__Task to carry out__: Omit the pictures, please, and give each record below again exactly.

__Task data__:
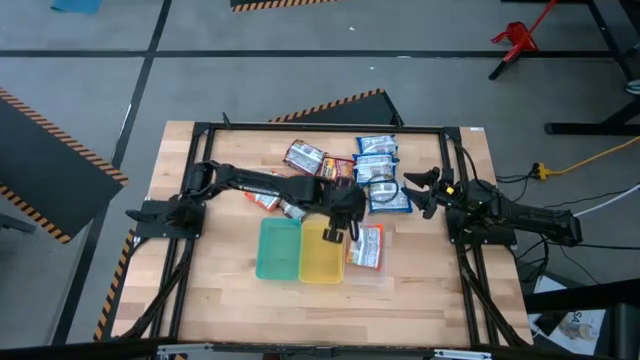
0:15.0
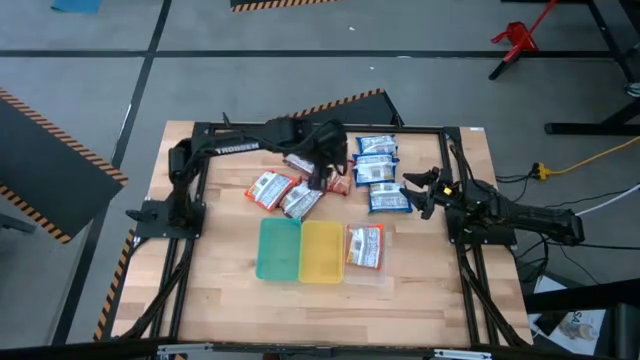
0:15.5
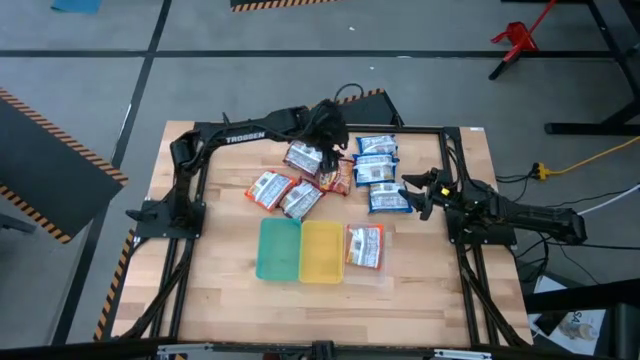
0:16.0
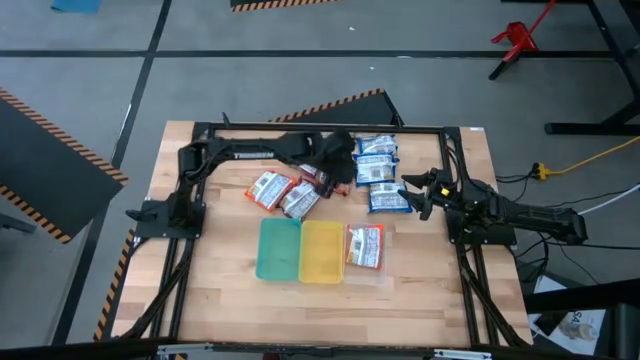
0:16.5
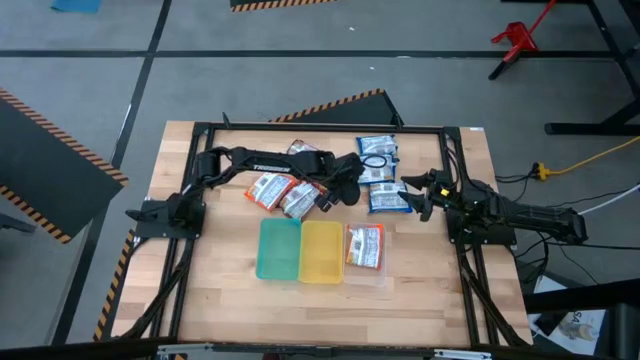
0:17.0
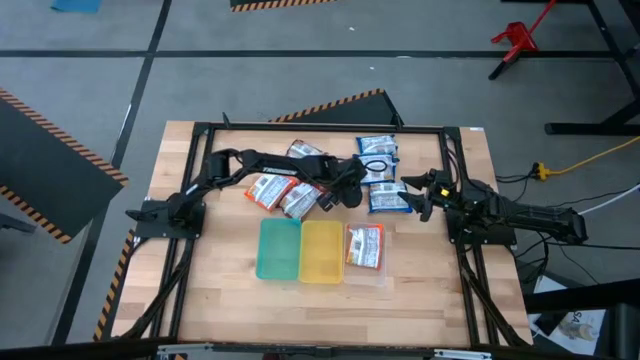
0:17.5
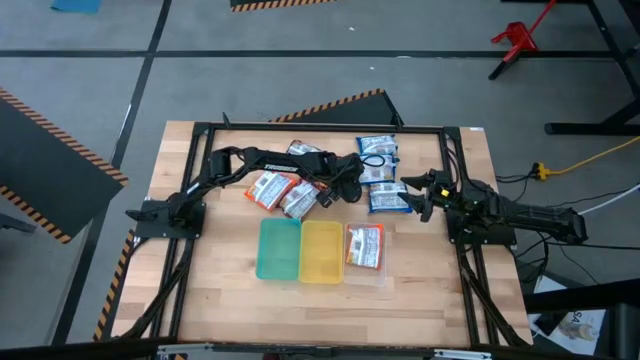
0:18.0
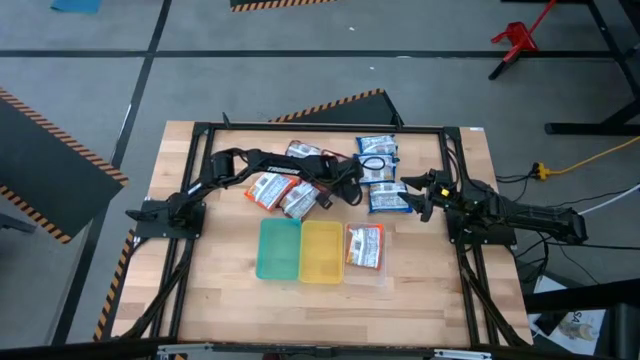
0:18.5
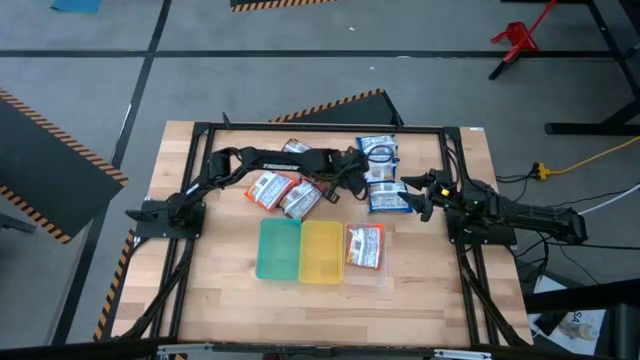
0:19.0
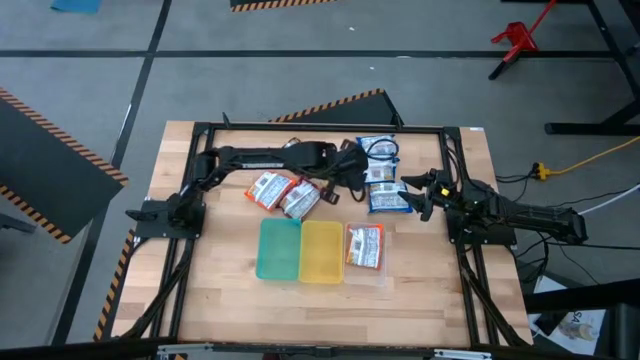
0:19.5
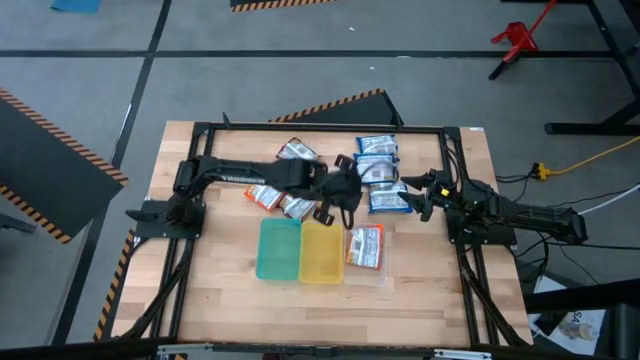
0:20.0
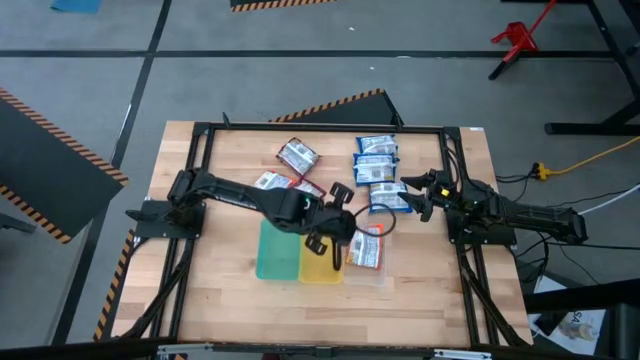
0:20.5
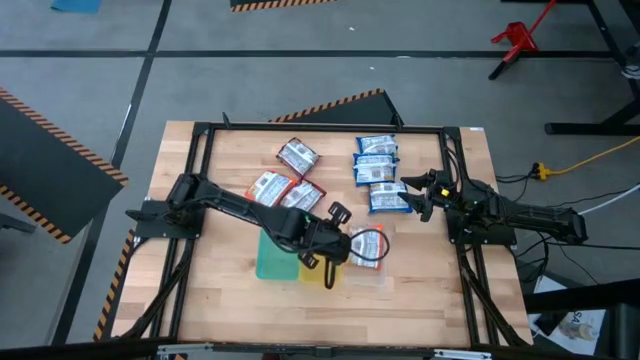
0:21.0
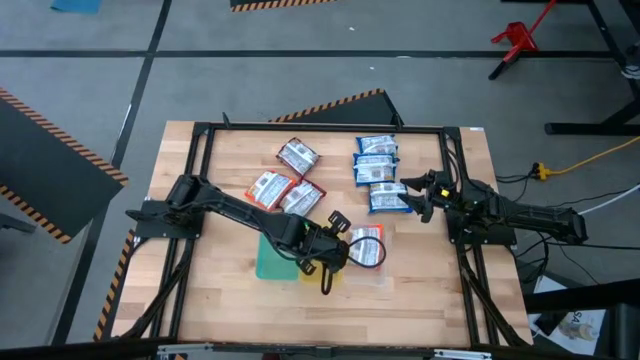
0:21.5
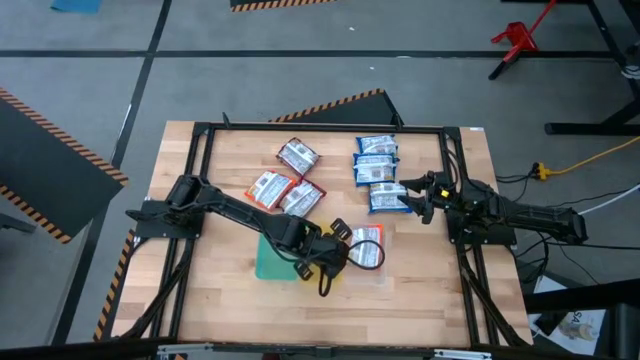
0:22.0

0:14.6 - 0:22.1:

__Problem solution__:
0:15.0
0:15.5
0:16.0
0:16.5
0:17.0
0:17.5
0:18.0
0:18.5
0:19.0
0:19.5
0:20.0
0:20.5
0:21.0
0:21.5
0:22.0

0:14.6 - 0:22.1:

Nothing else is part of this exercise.